New Zealand engineer Bill Phillips found a unique way to model a national economy in 1949: He used water. Working in his garage, he assembled a conglomeration of tanks, pipes, sluices, and valves into MONIAC, a 7-foot hydraulic computer that modeled the economy of the United Kingdom. Colored water, representing money, is pumped from a bottom reservoir to the top, where it’s distributed among taxes, consumer expenditure, and investment, then finds its way downward through the economy. The user can set “functions” that regulate the effect of national income on tax revenue, government spending on consumption, domestic spending on imports or exports, the interest rate on investment, and the exchange rate on exports and imports.
“To approximate a national economy, a ‘Federal Reserve System’ is added (from a tank through the top U-shaped pump) and bank credit is drawn to expand surplus balances when needed,” noted Fortune in a March 1952 feature. “And, if a Keynesian touch is wanted, the government can engage in ‘deficit financing’ by tapping the surplus balances to increase its own expenditures without additional taxation.”

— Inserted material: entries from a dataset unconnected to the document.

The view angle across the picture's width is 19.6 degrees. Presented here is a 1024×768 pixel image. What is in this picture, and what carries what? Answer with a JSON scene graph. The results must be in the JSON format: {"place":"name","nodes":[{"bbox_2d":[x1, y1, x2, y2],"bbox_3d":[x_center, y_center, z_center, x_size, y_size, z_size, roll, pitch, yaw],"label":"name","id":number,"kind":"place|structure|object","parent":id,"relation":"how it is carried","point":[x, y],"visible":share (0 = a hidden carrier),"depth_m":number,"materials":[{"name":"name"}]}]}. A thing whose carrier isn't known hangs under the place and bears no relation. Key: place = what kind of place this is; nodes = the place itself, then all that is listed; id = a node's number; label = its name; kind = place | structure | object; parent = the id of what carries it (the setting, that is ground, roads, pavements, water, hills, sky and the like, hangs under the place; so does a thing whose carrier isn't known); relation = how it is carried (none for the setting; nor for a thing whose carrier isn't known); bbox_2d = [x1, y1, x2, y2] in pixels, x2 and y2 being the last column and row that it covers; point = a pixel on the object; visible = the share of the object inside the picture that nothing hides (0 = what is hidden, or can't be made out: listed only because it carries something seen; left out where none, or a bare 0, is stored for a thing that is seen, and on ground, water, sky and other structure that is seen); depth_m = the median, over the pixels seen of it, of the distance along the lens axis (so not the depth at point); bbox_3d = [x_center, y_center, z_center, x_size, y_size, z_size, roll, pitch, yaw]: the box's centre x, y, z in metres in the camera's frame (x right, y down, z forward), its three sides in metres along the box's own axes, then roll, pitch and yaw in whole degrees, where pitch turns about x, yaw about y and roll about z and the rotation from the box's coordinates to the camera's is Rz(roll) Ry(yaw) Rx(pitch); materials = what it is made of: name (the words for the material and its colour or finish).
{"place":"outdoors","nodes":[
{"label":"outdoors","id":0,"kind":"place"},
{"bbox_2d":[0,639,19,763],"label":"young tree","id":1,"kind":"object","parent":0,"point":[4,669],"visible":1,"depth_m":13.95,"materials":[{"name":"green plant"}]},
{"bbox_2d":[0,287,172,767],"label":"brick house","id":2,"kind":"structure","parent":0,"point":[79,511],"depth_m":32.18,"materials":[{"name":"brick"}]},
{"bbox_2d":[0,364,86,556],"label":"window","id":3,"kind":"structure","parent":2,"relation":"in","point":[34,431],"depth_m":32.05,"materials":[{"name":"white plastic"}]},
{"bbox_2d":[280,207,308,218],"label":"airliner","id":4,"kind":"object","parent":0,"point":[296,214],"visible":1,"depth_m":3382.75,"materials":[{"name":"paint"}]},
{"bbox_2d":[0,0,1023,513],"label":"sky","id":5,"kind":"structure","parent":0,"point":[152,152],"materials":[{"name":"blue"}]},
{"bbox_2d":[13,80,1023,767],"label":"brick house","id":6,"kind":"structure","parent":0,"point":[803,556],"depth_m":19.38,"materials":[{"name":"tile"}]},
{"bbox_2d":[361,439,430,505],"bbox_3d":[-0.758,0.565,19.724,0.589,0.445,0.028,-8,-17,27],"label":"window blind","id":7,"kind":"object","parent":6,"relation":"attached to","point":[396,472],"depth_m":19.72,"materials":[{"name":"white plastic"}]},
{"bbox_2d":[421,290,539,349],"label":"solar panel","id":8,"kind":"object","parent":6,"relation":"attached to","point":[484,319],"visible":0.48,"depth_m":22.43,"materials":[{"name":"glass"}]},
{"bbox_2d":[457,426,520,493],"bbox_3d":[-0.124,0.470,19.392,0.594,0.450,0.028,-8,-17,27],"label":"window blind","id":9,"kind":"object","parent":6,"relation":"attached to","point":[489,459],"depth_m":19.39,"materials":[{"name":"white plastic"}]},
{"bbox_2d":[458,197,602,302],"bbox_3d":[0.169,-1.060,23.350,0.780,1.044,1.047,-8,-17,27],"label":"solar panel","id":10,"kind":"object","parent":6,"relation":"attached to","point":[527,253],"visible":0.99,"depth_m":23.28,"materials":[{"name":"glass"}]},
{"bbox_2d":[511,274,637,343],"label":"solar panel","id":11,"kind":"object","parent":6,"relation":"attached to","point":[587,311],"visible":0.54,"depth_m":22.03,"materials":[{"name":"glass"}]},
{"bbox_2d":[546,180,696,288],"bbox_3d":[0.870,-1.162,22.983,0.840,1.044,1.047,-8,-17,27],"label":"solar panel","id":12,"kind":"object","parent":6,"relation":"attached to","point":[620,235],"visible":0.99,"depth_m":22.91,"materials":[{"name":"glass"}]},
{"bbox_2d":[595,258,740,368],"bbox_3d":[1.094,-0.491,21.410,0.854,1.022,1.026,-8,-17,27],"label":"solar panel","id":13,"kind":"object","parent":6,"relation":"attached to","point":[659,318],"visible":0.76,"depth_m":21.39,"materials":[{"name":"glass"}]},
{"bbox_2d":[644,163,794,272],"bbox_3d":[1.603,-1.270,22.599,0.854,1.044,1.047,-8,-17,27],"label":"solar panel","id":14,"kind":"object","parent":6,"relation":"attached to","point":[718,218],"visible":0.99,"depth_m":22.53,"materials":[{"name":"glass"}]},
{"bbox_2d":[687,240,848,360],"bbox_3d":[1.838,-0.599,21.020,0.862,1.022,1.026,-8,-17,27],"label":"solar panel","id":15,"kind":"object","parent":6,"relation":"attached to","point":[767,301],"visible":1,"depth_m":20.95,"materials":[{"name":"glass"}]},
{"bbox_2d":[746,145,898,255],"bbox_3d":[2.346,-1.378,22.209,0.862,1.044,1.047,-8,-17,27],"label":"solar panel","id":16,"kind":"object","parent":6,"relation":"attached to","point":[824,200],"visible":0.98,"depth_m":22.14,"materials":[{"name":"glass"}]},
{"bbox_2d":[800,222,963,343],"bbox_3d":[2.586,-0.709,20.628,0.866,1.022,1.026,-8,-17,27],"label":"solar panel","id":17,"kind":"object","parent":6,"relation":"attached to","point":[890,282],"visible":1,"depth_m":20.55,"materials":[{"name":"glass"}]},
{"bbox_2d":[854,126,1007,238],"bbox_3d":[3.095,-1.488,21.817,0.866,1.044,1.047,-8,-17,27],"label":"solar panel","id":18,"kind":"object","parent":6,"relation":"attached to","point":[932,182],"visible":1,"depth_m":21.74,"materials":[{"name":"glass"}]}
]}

Phillips unveiled the computer at the London School of Economics in 1949 and impressed his audience so much that he was asked to build copies for Harvard, Cambridge, Oxford, the Ford Motor Company and the Central Bank of Guatemala. Unfortunately his invention was soon outmoded by electronic computers, and today only two working “Phillips machines” remain: one at Cambridge and the other (above) at the Reserve Bank of New Zealand.
UPDATE: Yale economist Irving Fisher proposed a similar system in his Ph.D. dissertation in 1891, described by Paul Samuelson as “the best of all doctoral dissertations in economics.” Fisher used a working model of his machine as a teaching tool for 25 years. (Thanks, Sroyon.)